What is the trade-off between high speed and torque in a cordless drill?

In a cordless drill, speed and torque are inversely related because of how the motor and gearbox work. This is not a defect—it's a deliberate design trade-off.

The gearbox ratio explains it all. A cordless drill has a two-speed or three-speed gearbox. In the low-speed setting, the gear ratio is high (e.g., 40:1 or 30:1). The motor spins fast (10,000–25,000 RPM), but the chuck spins slowly (400–600 RPM). Torque at the chuck is multiplied by the gear ratio, so you get high torque for driving large screws or drilling large-diameter holes. In the high-speed setting, the gear ratio is low (e.g., 15:1 or 10:1). The chuck spins fast (2,000–4,000 RPM), but torque is reduced proportionally. A typical 18V drill might produce 90 Nm of torque in low gear and 30 Nm in high gear (a 3:1 reduction). The product of speed × torque is approximately constant (minus frictional losses), so doubling the speed halves the available torque, and vice versa.

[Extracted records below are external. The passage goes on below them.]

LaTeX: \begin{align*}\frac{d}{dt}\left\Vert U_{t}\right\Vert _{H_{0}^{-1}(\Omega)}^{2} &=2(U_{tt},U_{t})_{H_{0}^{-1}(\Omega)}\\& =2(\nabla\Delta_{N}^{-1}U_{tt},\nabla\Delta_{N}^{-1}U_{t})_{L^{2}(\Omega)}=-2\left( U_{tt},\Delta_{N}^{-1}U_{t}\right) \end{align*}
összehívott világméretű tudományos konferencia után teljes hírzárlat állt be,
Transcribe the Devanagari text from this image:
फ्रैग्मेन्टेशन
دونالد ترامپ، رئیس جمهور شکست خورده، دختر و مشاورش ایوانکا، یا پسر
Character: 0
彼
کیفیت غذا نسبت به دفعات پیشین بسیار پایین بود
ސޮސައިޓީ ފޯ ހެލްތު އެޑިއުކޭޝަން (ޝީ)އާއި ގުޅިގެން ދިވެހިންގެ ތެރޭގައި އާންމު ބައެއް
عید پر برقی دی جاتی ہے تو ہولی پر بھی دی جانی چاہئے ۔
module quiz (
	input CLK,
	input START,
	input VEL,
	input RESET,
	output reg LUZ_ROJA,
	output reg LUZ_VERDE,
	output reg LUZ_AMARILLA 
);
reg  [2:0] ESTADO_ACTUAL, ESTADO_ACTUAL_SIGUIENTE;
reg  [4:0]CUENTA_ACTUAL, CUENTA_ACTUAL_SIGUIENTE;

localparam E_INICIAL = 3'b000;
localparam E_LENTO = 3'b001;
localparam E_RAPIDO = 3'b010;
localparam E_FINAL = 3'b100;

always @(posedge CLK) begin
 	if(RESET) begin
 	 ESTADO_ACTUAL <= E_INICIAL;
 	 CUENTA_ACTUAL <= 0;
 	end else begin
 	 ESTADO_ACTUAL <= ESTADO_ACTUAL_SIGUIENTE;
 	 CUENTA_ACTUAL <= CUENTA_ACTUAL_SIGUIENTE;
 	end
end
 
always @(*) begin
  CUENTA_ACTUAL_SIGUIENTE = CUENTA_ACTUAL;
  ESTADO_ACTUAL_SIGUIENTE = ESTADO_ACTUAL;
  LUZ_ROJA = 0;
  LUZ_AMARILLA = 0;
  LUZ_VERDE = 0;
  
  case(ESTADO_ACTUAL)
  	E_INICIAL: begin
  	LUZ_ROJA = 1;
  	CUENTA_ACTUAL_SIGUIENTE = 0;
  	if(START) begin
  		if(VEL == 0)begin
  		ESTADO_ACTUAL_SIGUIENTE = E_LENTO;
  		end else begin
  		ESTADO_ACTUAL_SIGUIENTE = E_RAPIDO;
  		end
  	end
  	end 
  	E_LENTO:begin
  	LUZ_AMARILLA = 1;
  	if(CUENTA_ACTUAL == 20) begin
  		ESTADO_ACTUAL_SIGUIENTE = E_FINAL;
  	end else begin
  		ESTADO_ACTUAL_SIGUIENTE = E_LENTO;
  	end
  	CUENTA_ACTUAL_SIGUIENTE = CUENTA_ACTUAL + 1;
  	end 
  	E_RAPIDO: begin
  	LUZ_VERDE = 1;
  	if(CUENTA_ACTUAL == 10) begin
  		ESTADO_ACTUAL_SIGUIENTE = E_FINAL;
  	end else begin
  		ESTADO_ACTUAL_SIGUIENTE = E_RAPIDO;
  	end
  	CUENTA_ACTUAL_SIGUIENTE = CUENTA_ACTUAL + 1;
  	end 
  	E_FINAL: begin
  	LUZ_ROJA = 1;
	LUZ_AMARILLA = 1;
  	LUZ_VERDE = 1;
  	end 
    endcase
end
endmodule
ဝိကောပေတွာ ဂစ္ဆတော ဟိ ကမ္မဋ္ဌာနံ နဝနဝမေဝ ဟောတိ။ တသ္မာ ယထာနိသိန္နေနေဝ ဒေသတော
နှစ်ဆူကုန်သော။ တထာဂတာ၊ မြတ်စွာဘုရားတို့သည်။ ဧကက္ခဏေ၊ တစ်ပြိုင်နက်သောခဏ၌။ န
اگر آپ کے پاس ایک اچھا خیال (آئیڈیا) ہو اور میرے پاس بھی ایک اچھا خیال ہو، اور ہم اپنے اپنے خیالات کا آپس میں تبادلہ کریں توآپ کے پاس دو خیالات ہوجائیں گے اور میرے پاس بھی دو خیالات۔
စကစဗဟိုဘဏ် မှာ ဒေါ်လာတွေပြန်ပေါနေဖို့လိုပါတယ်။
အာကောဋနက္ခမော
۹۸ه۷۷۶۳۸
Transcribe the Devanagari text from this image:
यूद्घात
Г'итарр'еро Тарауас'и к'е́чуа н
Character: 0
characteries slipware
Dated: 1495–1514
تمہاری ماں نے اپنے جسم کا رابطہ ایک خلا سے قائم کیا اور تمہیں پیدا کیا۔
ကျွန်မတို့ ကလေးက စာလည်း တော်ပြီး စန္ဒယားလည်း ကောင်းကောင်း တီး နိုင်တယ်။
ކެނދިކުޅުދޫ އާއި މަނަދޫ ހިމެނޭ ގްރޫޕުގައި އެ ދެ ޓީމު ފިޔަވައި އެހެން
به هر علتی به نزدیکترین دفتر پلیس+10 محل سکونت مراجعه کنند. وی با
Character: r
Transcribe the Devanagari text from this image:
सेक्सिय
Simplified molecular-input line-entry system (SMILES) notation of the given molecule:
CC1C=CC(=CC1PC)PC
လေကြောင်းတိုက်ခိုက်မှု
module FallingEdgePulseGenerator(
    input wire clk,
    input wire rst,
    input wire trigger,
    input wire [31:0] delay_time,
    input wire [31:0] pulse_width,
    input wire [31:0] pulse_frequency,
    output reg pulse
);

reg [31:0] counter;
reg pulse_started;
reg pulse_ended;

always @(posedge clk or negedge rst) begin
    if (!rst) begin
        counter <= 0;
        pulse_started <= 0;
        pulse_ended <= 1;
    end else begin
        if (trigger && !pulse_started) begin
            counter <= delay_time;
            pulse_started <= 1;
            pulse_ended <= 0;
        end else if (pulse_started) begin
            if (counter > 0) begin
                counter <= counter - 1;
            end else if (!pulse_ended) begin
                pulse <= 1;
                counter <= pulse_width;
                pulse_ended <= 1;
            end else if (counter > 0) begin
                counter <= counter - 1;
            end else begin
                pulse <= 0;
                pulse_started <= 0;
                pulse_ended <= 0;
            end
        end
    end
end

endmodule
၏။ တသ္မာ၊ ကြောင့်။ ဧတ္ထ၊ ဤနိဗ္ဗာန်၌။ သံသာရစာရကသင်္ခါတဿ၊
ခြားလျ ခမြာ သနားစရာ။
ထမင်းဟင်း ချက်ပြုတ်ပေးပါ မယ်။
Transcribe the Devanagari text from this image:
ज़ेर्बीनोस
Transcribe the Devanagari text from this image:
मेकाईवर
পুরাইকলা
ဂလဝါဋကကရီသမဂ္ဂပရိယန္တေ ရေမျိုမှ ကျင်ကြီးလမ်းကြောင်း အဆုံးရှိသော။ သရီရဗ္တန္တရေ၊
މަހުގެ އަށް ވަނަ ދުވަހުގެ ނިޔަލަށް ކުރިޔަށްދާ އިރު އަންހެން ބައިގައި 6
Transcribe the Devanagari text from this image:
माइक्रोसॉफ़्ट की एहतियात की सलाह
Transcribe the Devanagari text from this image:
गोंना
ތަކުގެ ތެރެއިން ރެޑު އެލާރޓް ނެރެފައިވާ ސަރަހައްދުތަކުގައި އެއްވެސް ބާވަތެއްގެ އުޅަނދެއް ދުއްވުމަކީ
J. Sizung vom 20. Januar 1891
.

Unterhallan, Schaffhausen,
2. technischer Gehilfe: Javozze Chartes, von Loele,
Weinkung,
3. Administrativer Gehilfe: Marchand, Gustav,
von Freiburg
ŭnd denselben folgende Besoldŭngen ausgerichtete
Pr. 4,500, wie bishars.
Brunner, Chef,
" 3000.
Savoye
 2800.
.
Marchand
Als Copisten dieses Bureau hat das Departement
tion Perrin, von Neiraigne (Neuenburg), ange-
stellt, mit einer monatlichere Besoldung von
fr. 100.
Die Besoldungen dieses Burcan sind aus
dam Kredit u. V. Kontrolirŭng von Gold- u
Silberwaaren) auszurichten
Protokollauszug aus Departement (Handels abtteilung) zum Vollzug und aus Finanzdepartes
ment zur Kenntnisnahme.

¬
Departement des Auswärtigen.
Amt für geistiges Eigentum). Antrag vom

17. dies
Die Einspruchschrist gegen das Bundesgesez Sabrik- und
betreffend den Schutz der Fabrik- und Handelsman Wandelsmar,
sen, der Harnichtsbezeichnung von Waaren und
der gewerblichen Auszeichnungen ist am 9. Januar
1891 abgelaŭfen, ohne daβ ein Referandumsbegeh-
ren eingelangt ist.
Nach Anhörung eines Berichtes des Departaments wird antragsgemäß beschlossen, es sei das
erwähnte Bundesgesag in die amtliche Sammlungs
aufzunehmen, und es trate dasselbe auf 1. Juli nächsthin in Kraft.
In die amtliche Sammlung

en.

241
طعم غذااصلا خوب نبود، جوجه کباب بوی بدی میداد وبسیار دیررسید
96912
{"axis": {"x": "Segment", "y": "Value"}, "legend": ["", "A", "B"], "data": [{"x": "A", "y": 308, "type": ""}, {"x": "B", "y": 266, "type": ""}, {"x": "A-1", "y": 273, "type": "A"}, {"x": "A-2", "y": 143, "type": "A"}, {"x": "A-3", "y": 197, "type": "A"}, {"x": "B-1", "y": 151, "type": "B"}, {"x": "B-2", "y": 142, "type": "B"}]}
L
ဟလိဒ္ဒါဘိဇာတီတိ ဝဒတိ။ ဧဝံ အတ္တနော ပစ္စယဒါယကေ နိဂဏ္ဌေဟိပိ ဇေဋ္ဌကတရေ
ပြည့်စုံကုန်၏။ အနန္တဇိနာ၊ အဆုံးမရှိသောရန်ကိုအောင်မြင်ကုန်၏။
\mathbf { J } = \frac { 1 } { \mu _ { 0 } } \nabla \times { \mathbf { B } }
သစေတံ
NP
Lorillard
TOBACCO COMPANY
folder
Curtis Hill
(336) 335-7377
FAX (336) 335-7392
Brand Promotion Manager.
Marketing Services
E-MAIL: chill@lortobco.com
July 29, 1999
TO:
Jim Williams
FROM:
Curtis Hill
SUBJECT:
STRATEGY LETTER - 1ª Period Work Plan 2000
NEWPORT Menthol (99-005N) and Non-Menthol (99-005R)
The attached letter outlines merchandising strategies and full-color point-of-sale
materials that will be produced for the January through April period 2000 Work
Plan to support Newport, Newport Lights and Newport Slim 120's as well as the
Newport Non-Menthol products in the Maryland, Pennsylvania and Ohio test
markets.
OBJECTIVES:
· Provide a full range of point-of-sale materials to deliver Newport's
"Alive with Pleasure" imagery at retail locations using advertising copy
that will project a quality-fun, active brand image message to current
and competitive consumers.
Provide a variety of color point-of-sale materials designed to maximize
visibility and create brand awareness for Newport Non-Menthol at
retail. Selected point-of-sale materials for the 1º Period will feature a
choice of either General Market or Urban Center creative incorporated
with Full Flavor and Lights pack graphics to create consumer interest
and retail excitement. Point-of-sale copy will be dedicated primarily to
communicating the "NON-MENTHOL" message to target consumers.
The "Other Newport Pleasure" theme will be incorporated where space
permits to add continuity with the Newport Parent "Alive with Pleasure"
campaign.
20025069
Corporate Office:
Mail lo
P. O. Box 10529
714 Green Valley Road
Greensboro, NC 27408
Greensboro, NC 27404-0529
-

When should you use high speed? Use high speed for small-diameter drill bits (under 4 mm in steel, under 6 mm in wood), for drilling through thin materials where you want a clean entry and exit, and for jobs where you don't need much torque. For screw driving, you rarely want high speed because the clutch needs engagement time to stop at the correct depth. For large-diameter hole saws (50 mm or larger), use low speed—high speed would stall the drill or burn out the motor.

The brushless advantage. Brushless motors (which use electronic commutation instead of physical carbon brushes) maintain higher torque at high speeds than brushed motors. A brushed motor's torque drops off linearly as speed increases above its optimal point. A brushless motor's torque stays relatively flat across a wider speed range. So a brushless drill at 3,000 RPM might retain 70–80% of its low-speed torque, while a brushed motor of the same power might retain only 40–50%. That's why brushless drills feel better when drilling large holes in wood at high speed.

How do battery voltage and amp-hour rating affect drill performance? 

Battery ratings are often misunderstood. Voltage and amp-hours (Ah) affect different aspects of performance.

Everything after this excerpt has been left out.